有名な鑑眞和上の伝記であるが、鑑眞和上の発言として次の記事がある。
「大和上答曰。昔聞南嶽思禅師遷化之後。託生倭國王子。興隆佛法。濟度衆生。又聞日本國長屋王崇敬佛法。」(『群書類従』による)
天台宗の第二祖、南嶽思禅師が没後、倭国の王子に生まれかわり、仏法を盛んにしたいう伝承を昔聞いたことがある、と鑑眞和上とが述べている記事だ。詳しい解説と論証は別に発表する予定であるが、ここでの倭国とは九州王朝のことであり、長屋王の日本国と区別した表記であることを、荒金卓也氏が『九州古代史の謎』で指摘されている。卓見であろう。更に荒金氏は、後に聖徳太子のこととされて流布されたこの倭国王子は、九州王朝の多利思北孤のことであるとされた。
この南嶽思禅師の没年は陳の大建九年(五七七)であり、聖徳太子の生年は敏達三年(五七四)。
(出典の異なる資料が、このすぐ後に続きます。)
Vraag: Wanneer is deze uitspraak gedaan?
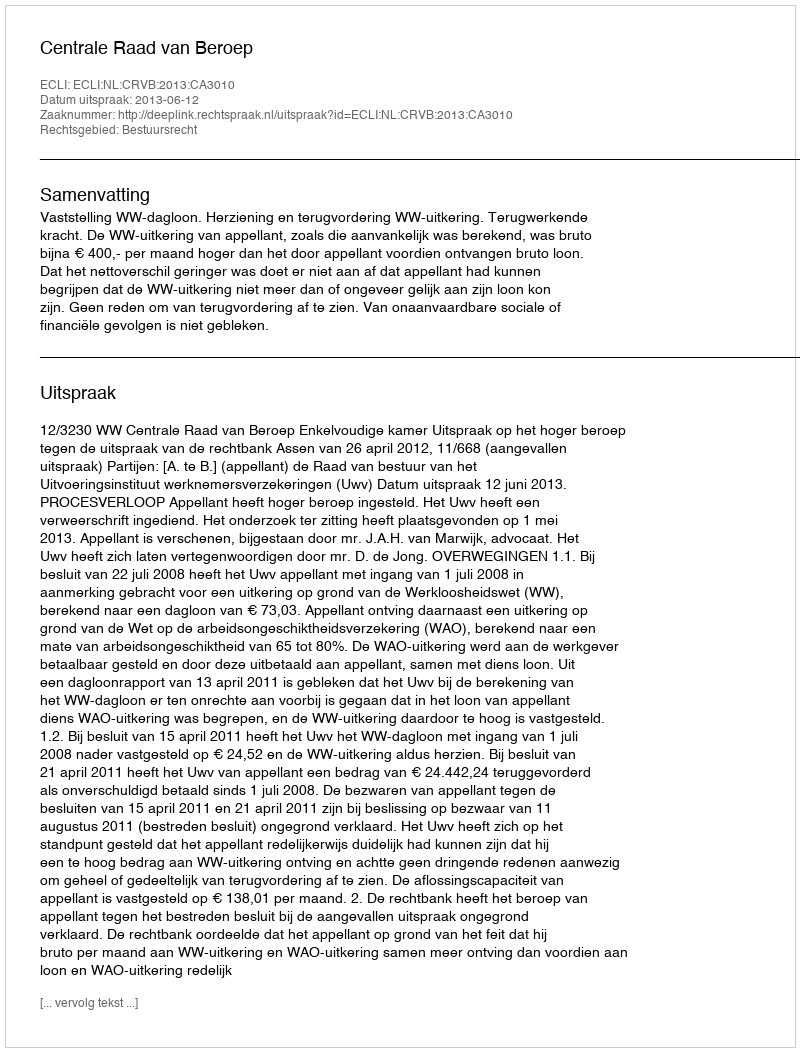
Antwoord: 2013-06-12

南嶽思禅師が没した時すでに聖徳太子は四歳であり、生まれかわりとするには無理があるのだ。この矛盾については平安末期すでに気づかれていたようだ(扶桑略記)。そこで、倭国の王子を九州王朝の王子とした時、こうした矛盾が解決するのだが、荒金氏のように多利思北孤とした場合、年齢的にやや無理があるのではあるまいか(多利思北孤は享年四六歳で没したことになる)。その点、 利歌弥多弗利とした場合、生没年が五七七年から六四六年(命長七年)となり、その享年は七十歳となり、当時としては比較的長寿であろう。「君が代」の「君」として、病気回復と長寿を詠われるにふさわして年齢ではあるまいか。
この利歌弥多弗利説を支持する別の視点として、法興年号がある。いわゆる九州年号と並立して続くこの法興年号は、多利思北孤の出家を機に建元された年号と思われるが、多利思北孤の誕生を五七七年とすると、その建元は十五歳の時であり、即位は更に上って端政元年(五八九。先代の倭王玉垂命が端政元年に三瀦で没したことが『太宰管内志』に見える)と思われ、十三歳の時となる。これでは利歌弥多弗利は多利思北孤出家後の子供となりかねない。
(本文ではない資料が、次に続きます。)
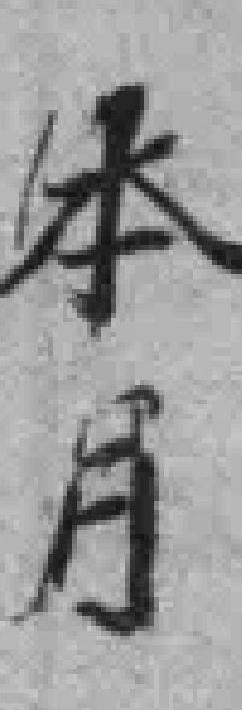
本月

その点、倭国王子を利歌弥多弗利とした場合、即位は仁王元年(六二三)、四七歳のときであり、没年とともに自然である。また、立太子を多利思北孤即位年(五八九)のこととすると、十三歳のときであり、その後多利思北孤没年までの三四年間を太子として在位したことになり、その間の活躍が、後に聖徳太子の事績として近畿天皇家側に盗用されたと考えても、納得できるところではあるまいか。